### Work instruction
Across the entries below, count the lines that contain the word "shore" and reply with that number only.

### Provided records
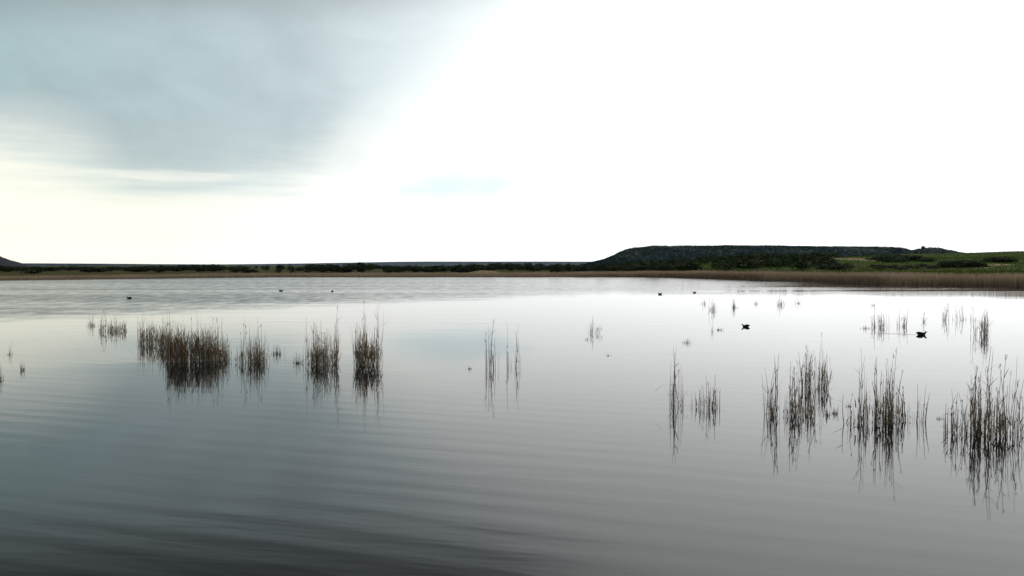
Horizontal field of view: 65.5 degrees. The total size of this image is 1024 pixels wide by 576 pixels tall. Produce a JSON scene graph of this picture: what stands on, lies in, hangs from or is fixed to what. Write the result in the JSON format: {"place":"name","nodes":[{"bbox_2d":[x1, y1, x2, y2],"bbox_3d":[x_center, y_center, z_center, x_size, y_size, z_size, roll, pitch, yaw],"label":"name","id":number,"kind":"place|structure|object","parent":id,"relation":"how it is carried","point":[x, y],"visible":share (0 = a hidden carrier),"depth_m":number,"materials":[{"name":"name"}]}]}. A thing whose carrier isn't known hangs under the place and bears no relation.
{"place":"outdoors","nodes":[
{"label":"outdoors","id":0,"kind":"place"},
{"bbox_2d":[0,256,31,265],"bbox_3d":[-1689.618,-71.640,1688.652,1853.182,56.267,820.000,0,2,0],"label":"hill","id":1,"kind":"structure","parent":0,"point":[5,262],"depth_m":1507.52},
{"bbox_2d":[23,261,587,265],"bbox_3d":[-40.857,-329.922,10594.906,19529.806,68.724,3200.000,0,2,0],"label":"distant ridge","id":2,"kind":"structure","parent":0,"point":[430,263],"depth_m":10141.00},
{"bbox_2d":[0,277,1023,575],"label":"water","id":3,"kind":"structure","parent":0,"point":[568,447],"depth_m":11.93,"materials":[{"name":"grey liquid"}]},
{"bbox_2d":[98,311,126,331],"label":"reed clump","id":4,"kind":"object","parent":3,"relation":"on","point":[114,328],"visible":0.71,"depth_m":30.30,"materials":[{"name":"grey plant"}]},
{"bbox_2d":[137,317,157,344],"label":"reed clump","id":5,"kind":"object","parent":3,"relation":"on","point":[144,339],"visible":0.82,"depth_m":25.35,"materials":[{"name":"brown plant"}]},
{"bbox_2d":[153,317,173,347],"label":"reed clump","id":6,"kind":"object","parent":3,"relation":"on","point":[160,339],"visible":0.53,"depth_m":24.20,"materials":[{"name":"brown plant"}]},
{"bbox_2d":[160,311,196,362],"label":"reed clump","id":7,"kind":"object","parent":3,"relation":"on","point":[182,356],"visible":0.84,"depth_m":20.55,"materials":[{"name":"brown plant"}]},
{"bbox_2d":[184,317,225,361],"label":"reed clump","id":8,"kind":"object","parent":3,"relation":"on","point":[209,353],"visible":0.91,"depth_m":20.81,"materials":[{"name":"brown plant"}]},
{"bbox_2d":[207,320,232,359],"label":"reed clump","id":9,"kind":"object","parent":3,"relation":"on","point":[224,355],"visible":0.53,"depth_m":21.24,"materials":[{"name":"brown plant"}]},
{"bbox_2d":[235,324,246,362],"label":"reed clump","id":10,"kind":"object","parent":3,"relation":"on","point":[241,355],"visible":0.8,"depth_m":20.48,"materials":[{"name":"brown plant"}]},
{"bbox_2d":[243,321,271,362],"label":"reed clump","id":11,"kind":"object","parent":3,"relation":"on","point":[261,356],"visible":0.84,"depth_m":20.48,"materials":[{"name":"brown plant"}]},
{"bbox_2d":[304,328,316,364],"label":"reed clump","id":12,"kind":"object","parent":3,"relation":"on","point":[311,360],"visible":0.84,"depth_m":20.18,"materials":[{"name":"brown plant"}]},
{"bbox_2d":[308,308,342,364],"bbox_3d":[-4.679,1.297,20.121,0.993,1.775,0.850,0,2,0],"label":"reed clump","id":13,"kind":"object","parent":3,"relation":"on","point":[321,355],"visible":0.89,"depth_m":20.12,"materials":[{"name":"brown plant"}]},
{"bbox_2d":[351,299,383,365],"bbox_3d":[-3.649,1.218,19.997,1.183,1.941,0.774,0,2,-11],"label":"reed clump","id":14,"kind":"object","parent":3,"relation":"on","point":[362,361],"visible":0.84,"depth_m":19.92,"materials":[{"name":"brown plant"}]},
{"bbox_2d":[484,319,506,368],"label":"reed clump","id":15,"kind":"object","parent":3,"relation":"on","point":[491,362],"visible":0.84,"depth_m":19.28,"materials":[{"name":"brown plant"}]},
{"bbox_2d":[506,323,518,367],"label":"reed clump","id":16,"kind":"object","parent":3,"relation":"on","point":[510,357],"visible":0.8,"depth_m":19.55,"materials":[{"name":"grey plant"}]},
{"bbox_2d":[657,351,687,405],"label":"reed clump","id":17,"kind":"object","parent":3,"relation":"on","point":[674,391],"visible":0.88,"depth_m":14.23,"materials":[{"name":"brown plant"}]},
{"bbox_2d":[694,383,720,408],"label":"reed clump","id":18,"kind":"object","parent":3,"relation":"on","point":[709,399],"visible":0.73,"depth_m":13.98,"materials":[{"name":"grey plant"}]},
{"bbox_2d":[761,355,795,417],"bbox_3d":[4.402,1.744,13.224,0.698,1.270,0.654,0,2,0],"label":"reed clump","id":19,"kind":"object","parent":3,"relation":"on","point":[772,409],"visible":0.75,"depth_m":13.25,"materials":[{"name":"brown plant"}]},
{"bbox_2d":[785,363,802,416],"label":"reed clump","id":20,"kind":"object","parent":3,"relation":"in","point":[792,408],"visible":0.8,"depth_m":13.20,"materials":[{"name":"brown plant"}]},
{"bbox_2d":[791,374,816,416],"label":"reed clump","id":21,"kind":"object","parent":3,"relation":"in","point":[811,410],"visible":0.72,"depth_m":13.22,"materials":[{"name":"brown plant"}]},
{"bbox_2d":[798,333,832,388],"bbox_3d":[6.097,1.588,16.235,0.863,1.413,0.624,0,2,0],"label":"reed clump","id":22,"kind":"object","parent":3,"relation":"on","point":[810,374],"visible":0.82,"depth_m":16.16,"materials":[{"name":"brown plant"}]},
{"bbox_2d":[838,395,859,424],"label":"reed clump","id":23,"kind":"object","parent":3,"relation":"in","point":[854,420],"visible":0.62,"depth_m":12.56,"materials":[{"name":"grey plant"}]},
{"bbox_2d":[855,349,898,424],"bbox_3d":[5.841,1.652,12.684,0.773,1.484,0.789,1,2,27],"label":"reed clump","id":24,"kind":"object","parent":3,"relation":"on","point":[881,415],"visible":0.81,"depth_m":12.65,"materials":[{"name":"brown plant"}]},
{"bbox_2d":[871,313,886,327],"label":"reed clump","id":25,"kind":"object","parent":3,"relation":"on","point":[881,325],"visible":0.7,"depth_m":32.12,"materials":[{"name":"grey plant"}]},
{"bbox_2d":[891,370,905,421],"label":"reed clump","id":26,"kind":"object","parent":3,"relation":"on","point":[897,410],"visible":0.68,"depth_m":12.80,"materials":[{"name":"brown plant"}]},
{"bbox_2d":[897,310,907,326],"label":"reed clump","id":27,"kind":"object","parent":3,"relation":"in","point":[904,325],"visible":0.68,"depth_m":32.66,"materials":[{"name":"grey plant"}]},
{"bbox_2d":[902,384,929,422],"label":"reed clump","id":28,"kind":"object","parent":3,"relation":"on","point":[917,408],"visible":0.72,"depth_m":12.76,"materials":[{"name":"grey plant"}]},
{"bbox_2d":[933,395,967,434],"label":"reed clump","id":29,"kind":"object","parent":3,"relation":"on","point":[952,426],"visible":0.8,"depth_m":11.86,"materials":[{"name":"brown plant"}]},
{"bbox_2d":[943,303,957,319],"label":"reed clump","id":30,"kind":"object","parent":3,"relation":"on","point":[946,314],"visible":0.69,"depth_m":36.59,"materials":[{"name":"grey plant"}]},
{"bbox_2d":[952,393,973,434],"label":"reed clump","id":31,"kind":"object","parent":3,"relation":"on","point":[957,423],"visible":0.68,"depth_m":11.79,"materials":[{"name":"brown plant"}]},
{"bbox_2d":[958,350,996,436],"bbox_3d":[6.920,1.647,11.768,0.569,1.545,0.433,0,2,-15],"label":"reed clump","id":32,"kind":"object","parent":3,"relation":"on","point":[978,430],"visible":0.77,"depth_m":11.72,"materials":[{"name":"brown plant"}]},
{"bbox_2d":[973,305,991,334],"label":"reed clump","id":33,"kind":"object","parent":3,"relation":"on","point":[984,327],"visible":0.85,"depth_m":28.67,"materials":[{"name":"grey plant"}]},
{"bbox_2d":[977,366,1012,437],"bbox_3d":[7.039,1.792,11.631,0.606,1.264,0.368,2,2,44],"label":"reed clump","id":34,"kind":"object","parent":3,"relation":"on","point":[993,425],"visible":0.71,"depth_m":11.64,"materials":[{"name":"brown plant"}]},
{"bbox_2d":[993,354,1018,436],"bbox_3d":[7.139,1.699,11.631,0.748,1.450,0.351,-1,2,-21],"label":"reed clump","id":35,"kind":"object","parent":3,"relation":"in","point":[1005,420],"visible":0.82,"depth_m":11.65,"materials":[{"name":"brown plant"}]},
{"bbox_2d":[1005,371,1023,435],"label":"reed clump","id":36,"kind":"object","parent":3,"relation":"on","point":[1017,425],"visible":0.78,"depth_m":11.79,"materials":[{"name":"brown plant"}]},
{"bbox_2d":[0,251,1023,285],"bbox_3d":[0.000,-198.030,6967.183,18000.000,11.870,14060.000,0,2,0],"label":"ground","id":37,"kind":"structure","parent":0,"point":[120,272],"depth_m":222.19,"materials":[{"name":"green plant"}]},
{"bbox_2d":[0,266,16,271],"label":"tree","id":38,"kind":"object","parent":37,"relation":"on","point":[6,269],"visible":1,"depth_m":214.43,"materials":[{"name":"green plant"}]},
{"bbox_2d":[19,268,45,273],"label":"tree","id":39,"kind":"object","parent":37,"relation":"on","point":[32,271],"visible":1,"depth_m":184.12,"materials":[{"name":"green plant"}]},
{"bbox_2d":[43,267,60,270],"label":"tree","id":40,"kind":"object","parent":37,"relation":"on","point":[49,269],"visible":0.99,"depth_m":223.67,"materials":[{"name":"green plant"}]},
{"bbox_2d":[62,266,76,270],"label":"tree","id":41,"kind":"object","parent":37,"relation":"on","point":[70,268],"visible":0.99,"depth_m":230.83,"materials":[{"name":"green plant"}]},
{"bbox_2d":[79,268,100,271],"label":"tree","id":42,"kind":"object","parent":37,"relation":"on","point":[87,270],"visible":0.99,"depth_m":204.91,"materials":[{"name":"green plant"}]},
{"bbox_2d":[94,267,107,271],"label":"tree","id":43,"kind":"object","parent":37,"relation":"on","point":[101,270],"visible":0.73,"depth_m":209.59,"materials":[{"name":"green plant"}]},
{"bbox_2d":[123,267,139,271],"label":"tree","id":44,"kind":"object","parent":37,"relation":"on","point":[133,269],"visible":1,"depth_m":213.16,"materials":[{"name":"green plant"}]},
{"bbox_2d":[131,266,147,271],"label":"tree","id":45,"kind":"object","parent":37,"relation":"on","point":[141,269],"visible":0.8,"depth_m":215.04,"materials":[{"name":"green plant"}]},
{"bbox_2d":[153,267,166,272],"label":"tree","id":46,"kind":"object","parent":37,"relation":"on","point":[158,270],"visible":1,"depth_m":204.68,"materials":[{"name":"green plant"}]},
{"bbox_2d":[170,266,183,271],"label":"tree","id":47,"kind":"object","parent":37,"relation":"on","point":[175,269],"visible":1,"depth_m":223.55,"materials":[{"name":"green plant"}]},
{"bbox_2d":[191,265,205,271],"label":"tree","id":48,"kind":"object","parent":37,"relation":"on","point":[198,268],"visible":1,"depth_m":222.65,"materials":[{"name":"green plant"}]},
{"bbox_2d":[210,266,223,271],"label":"tree","id":49,"kind":"object","parent":37,"relation":"on","point":[215,269],"visible":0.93,"depth_m":248.64,"materials":[{"name":"green plant"}]},
{"bbox_2d":[228,267,242,272],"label":"tree","id":50,"kind":"object","parent":37,"relation":"on","point":[235,270],"visible":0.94,"depth_m":216.60,"materials":[{"name":"green plant"}]},
{"bbox_2d":[239,268,258,272],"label":"tree","id":51,"kind":"object","parent":37,"relation":"on","point":[251,270],"visible":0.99,"depth_m":214.33,"materials":[{"name":"green plant"}]},
{"bbox_2d":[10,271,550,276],"bbox_3d":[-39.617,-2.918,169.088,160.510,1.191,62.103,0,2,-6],"label":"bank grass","id":52,"kind":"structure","parent":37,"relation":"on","point":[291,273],"depth_m":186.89,"materials":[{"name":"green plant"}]},
{"bbox_2d":[305,264,311,272],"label":"tree","id":53,"kind":"object","parent":37,"relation":"on","point":[308,269],"visible":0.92,"depth_m":206.82,"materials":[{"name":"green plant"}]},
{"bbox_2d":[0,271,624,279],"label":"shore reeds","id":54,"kind":"object","parent":37,"relation":"on","point":[310,274],"visible":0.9,"depth_m":173.42,"materials":[{"name":"brown plant"}]},
{"bbox_2d":[315,265,328,272],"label":"tree","id":55,"kind":"object","parent":37,"relation":"on","point":[321,269],"visible":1,"depth_m":235.69,"materials":[{"name":"green plant"}]},
{"bbox_2d":[327,265,338,271],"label":"tree","id":56,"kind":"object","parent":37,"relation":"on","point":[332,268],"visible":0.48,"depth_m":240.27,"materials":[{"name":"green plant"}]},
{"bbox_2d":[333,266,343,272],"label":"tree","id":57,"kind":"object","parent":37,"relation":"on","point":[338,269],"visible":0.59,"depth_m":223.27,"materials":[{"name":"green plant"}]},
{"bbox_2d":[336,263,353,272],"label":"tree","id":58,"kind":"object","parent":37,"relation":"on","point":[347,265],"visible":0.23,"depth_m":235.59,"materials":[{"name":"green plant"}]},
{"bbox_2d":[340,266,354,272],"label":"tree","id":59,"kind":"object","parent":37,"relation":"on","point":[347,269],"visible":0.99,"depth_m":217.80,"materials":[{"name":"green plant"}]},
{"bbox_2d":[354,264,365,272],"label":"tree","id":60,"kind":"object","parent":37,"relation":"on","point":[361,269],"visible":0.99,"depth_m":215.04,"materials":[{"name":"green plant"}]},
{"bbox_2d":[365,263,375,270],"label":"tree","id":61,"kind":"object","parent":37,"relation":"on","point":[368,267],"visible":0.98,"depth_m":265.90,"materials":[{"name":"green plant"}]},
{"bbox_2d":[382,267,394,273],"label":"tree","id":62,"kind":"object","parent":37,"relation":"on","point":[389,270],"visible":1,"depth_m":205.47,"materials":[{"name":"green plant"}]},
{"bbox_2d":[394,266,403,272],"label":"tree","id":63,"kind":"object","parent":37,"relation":"on","point":[398,269],"visible":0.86,"depth_m":227.49,"materials":[{"name":"green plant"}]},
{"bbox_2d":[422,266,440,272],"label":"tree","id":64,"kind":"object","parent":37,"relation":"on","point":[429,270],"visible":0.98,"depth_m":217.45,"materials":[{"name":"green plant"}]},
{"bbox_2d":[439,266,449,271],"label":"tree","id":65,"kind":"object","parent":37,"relation":"on","point":[443,269],"visible":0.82,"depth_m":232.89,"materials":[{"name":"green plant"}]},
{"bbox_2d":[448,266,464,272],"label":"tree","id":66,"kind":"object","parent":37,"relation":"on","point":[456,269],"visible":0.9,"depth_m":212.57,"materials":[{"name":"green plant"}]},
{"bbox_2d":[462,264,478,272],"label":"tree","id":67,"kind":"object","parent":37,"relation":"on","point":[469,268],"visible":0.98,"depth_m":209.72,"materials":[{"name":"green plant"}]},
{"bbox_2d":[479,265,493,270],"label":"tree","id":68,"kind":"object","parent":37,"relation":"on","point":[487,268],"visible":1,"depth_m":204.50,"materials":[{"name":"green plant"}]},
{"bbox_2d":[505,263,517,270],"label":"tree","id":69,"kind":"object","parent":37,"relation":"on","point":[510,266],"visible":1,"depth_m":244.53,"materials":[{"name":"green plant"}]},
{"bbox_2d":[526,264,539,270],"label":"tree","id":70,"kind":"object","parent":37,"relation":"on","point":[531,268],"visible":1,"depth_m":240.05,"materials":[{"name":"green plant"}]},
{"bbox_2d":[548,264,566,272],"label":"tree","id":71,"kind":"object","parent":37,"relation":"on","point":[555,268],"visible":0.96,"depth_m":208.32,"materials":[{"name":"green plant"}]},
{"bbox_2d":[562,263,575,271],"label":"tree","id":72,"kind":"object","parent":37,"relation":"on","point":[568,267],"visible":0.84,"depth_m":233.91,"materials":[{"name":"green plant"}]},
{"bbox_2d":[572,266,590,271],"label":"tree","id":73,"kind":"object","parent":37,"relation":"on","point":[581,268],"visible":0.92,"depth_m":216.69,"materials":[{"name":"green plant"}]},
{"bbox_2d":[594,263,608,270],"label":"tree","id":74,"kind":"object","parent":37,"relation":"on","point":[601,266],"visible":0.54,"depth_m":213.17,"materials":[{"name":"green plant"}]},
{"bbox_2d":[606,266,619,270],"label":"bush","id":75,"kind":"object","parent":37,"relation":"on","point":[612,268],"visible":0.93,"depth_m":213.37,"materials":[{"name":"green plant"}]},
{"bbox_2d":[622,260,636,265],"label":"bush","id":76,"kind":"object","parent":37,"relation":"on","point":[626,263],"visible":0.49,"depth_m":260.19,"materials":[{"name":"green plant"}]},
{"bbox_2d":[621,263,650,271],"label":"bush","id":77,"kind":"object","parent":37,"relation":"on","point":[639,268],"visible":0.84,"depth_m":202.38,"materials":[{"name":"green plant"}]},
{"bbox_2d":[645,263,662,271],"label":"bush","id":78,"kind":"object","parent":37,"relation":"on","point":[656,268],"visible":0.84,"depth_m":183.52,"materials":[{"name":"green plant"}]},
{"bbox_2d":[659,262,677,270],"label":"bush","id":79,"kind":"object","parent":37,"relation":"on","point":[666,266],"visible":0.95,"depth_m":204.31,"materials":[{"name":"green plant"}]},
{"bbox_2d":[665,259,678,265],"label":"bush","id":80,"kind":"object","parent":37,"relation":"on","point":[670,261],"visible":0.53,"depth_m":239.74,"materials":[{"name":"green plant"}]},
{"bbox_2d":[677,265,692,270],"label":"bush","id":81,"kind":"object","parent":37,"relation":"on","point":[687,269],"visible":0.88,"depth_m":196.79,"materials":[{"name":"green plant"}]},
{"bbox_2d":[680,261,703,270],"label":"bush","id":82,"kind":"object","parent":37,"relation":"on","point":[694,266],"visible":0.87,"depth_m":197.12,"materials":[{"name":"green plant"}]},
{"bbox_2d":[710,262,721,268],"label":"bush","id":83,"kind":"object","parent":37,"relation":"on","point":[715,264],"visible":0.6,"depth_m":221.61,"materials":[{"name":"green plant"}]},
{"bbox_2d":[711,258,721,263],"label":"bush","id":84,"kind":"object","parent":37,"relation":"on","point":[715,260],"visible":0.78,"depth_m":272.96,"materials":[{"name":"green plant"}]},
{"bbox_2d":[715,263,734,270],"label":"bush","id":85,"kind":"object","parent":37,"relation":"on","point":[726,266],"visible":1,"depth_m":190.34,"materials":[{"name":"green plant"}]},
{"bbox_2d":[731,261,747,268],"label":"bush","id":86,"kind":"object","parent":37,"relation":"on","point":[738,265],"visible":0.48,"depth_m":203.92,"materials":[{"name":"green plant"}]},
{"bbox_2d":[735,258,750,267],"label":"bush","id":87,"kind":"object","parent":37,"relation":"on","point":[743,260],"visible":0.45,"depth_m":204.51,"materials":[{"name":"green plant"}]},
{"bbox_2d":[740,261,760,268],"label":"bush","id":88,"kind":"object","parent":37,"relation":"on","point":[748,264],"visible":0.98,"depth_m":194.28,"materials":[{"name":"green plant"}]},
{"bbox_2d":[750,259,766,266],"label":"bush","id":89,"kind":"object","parent":37,"relation":"on","point":[763,262],"visible":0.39,"depth_m":199.55,"materials":[{"name":"green plant"}]},
{"bbox_2d":[758,255,772,259],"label":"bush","id":90,"kind":"object","parent":37,"relation":"on","point":[763,257],"visible":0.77,"depth_m":293.36,"materials":[{"name":"green plant"}]},
{"bbox_2d":[768,257,788,266],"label":"bush","id":91,"kind":"object","parent":37,"relation":"on","point":[779,262],"visible":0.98,"depth_m":200.11,"materials":[{"name":"green plant"}]},
{"bbox_2d":[790,254,800,260],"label":"bush","id":92,"kind":"object","parent":37,"relation":"on","point":[794,257],"visible":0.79,"depth_m":260.88,"materials":[{"name":"green plant"}]},
{"bbox_2d":[571,270,1023,286],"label":"shore reeds","id":93,"kind":"object","parent":37,"relation":"on","point":[923,278],"visible":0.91,"depth_m":115.09,"materials":[{"name":"brown plant"}]},
{"bbox_2d":[793,259,810,269],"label":"bush","id":94,"kind":"object","parent":37,"relation":"on","point":[799,264],"visible":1,"depth_m":174.86,"materials":[{"name":"green plant"}]},
{"bbox_2d":[790,260,819,266],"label":"bush","id":95,"kind":"object","parent":37,"relation":"on","point":[811,264],"visible":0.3,"depth_m":196.32,"materials":[{"name":"green plant"}]},
{"bbox_2d":[803,254,817,260],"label":"bush","id":96,"kind":"object","parent":37,"relation":"on","point":[813,258],"visible":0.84,"depth_m":261.23,"materials":[{"name":"green plant"}]},
{"bbox_2d":[808,259,835,264],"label":"bush","id":97,"kind":"object","parent":37,"relation":"on","point":[825,262],"visible":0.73,"depth_m":209.92,"materials":[{"name":"green plant"}]},
{"bbox_2d":[826,264,847,269],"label":"bush","id":98,"kind":"object","parent":37,"relation":"on","point":[834,267],"visible":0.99,"depth_m":177.18,"materials":[{"name":"green plant"}]},
{"bbox_2d":[903,255,922,259],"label":"bush","id":99,"kind":"object","parent":37,"relation":"on","point":[910,257],"visible":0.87,"depth_m":249.72,"materials":[{"name":"green plant"}]},
{"bbox_2d":[941,260,964,266],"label":"bush","id":100,"kind":"object","parent":37,"relation":"on","point":[949,263],"visible":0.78,"depth_m":208.85,"materials":[{"name":"green plant"}]},
{"bbox_2d":[954,260,972,267],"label":"bush","id":101,"kind":"object","parent":37,"relation":"on","point":[965,264],"visible":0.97,"depth_m":204.66,"materials":[{"name":"green plant"}]},
{"bbox_2d":[970,260,987,266],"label":"bush","id":102,"kind":"object","parent":37,"relation":"on","point":[980,263],"visible":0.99,"depth_m":202.80,"materials":[{"name":"green plant"}]},
{"bbox_2d":[981,257,997,261],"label":"bush","id":103,"kind":"object","parent":37,"relation":"on","point":[988,259],"visible":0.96,"depth_m":222.92,"materials":[{"name":"green plant"}]},
{"bbox_2d":[0,0,1023,263],"label":"sky","id":104,"kind":"structure","parent":0,"point":[132,131],"materials":[{"name":"white"}]},
{"bbox_2d":[602,246,910,263],"bbox_3d":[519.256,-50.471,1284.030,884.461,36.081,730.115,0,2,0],"label":"hill","id":105,"kind":"structure","parent":0,"point":[766,249],"depth_m":1183.11,"materials":[{"name":"green plant"}]},
{"bbox_2d":[581,245,911,265],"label":"hill scrub","id":106,"kind":"object","parent":105,"relation":"on","point":[611,258],"visible":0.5,"depth_m":1189.58,"materials":[{"name":"green plant"}]},
{"bbox_2d":[909,248,955,253],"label":"hill","id":107,"kind":"structure","parent":0,"point":[937,250],"depth_m":1114.36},
{"bbox_2d":[906,247,962,253],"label":"hill scrub","id":108,"kind":"object","parent":107,"relation":"on","point":[943,251],"visible":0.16,"depth_m":1112.05,"materials":[{"name":"green plant"}]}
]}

### Expected answer
2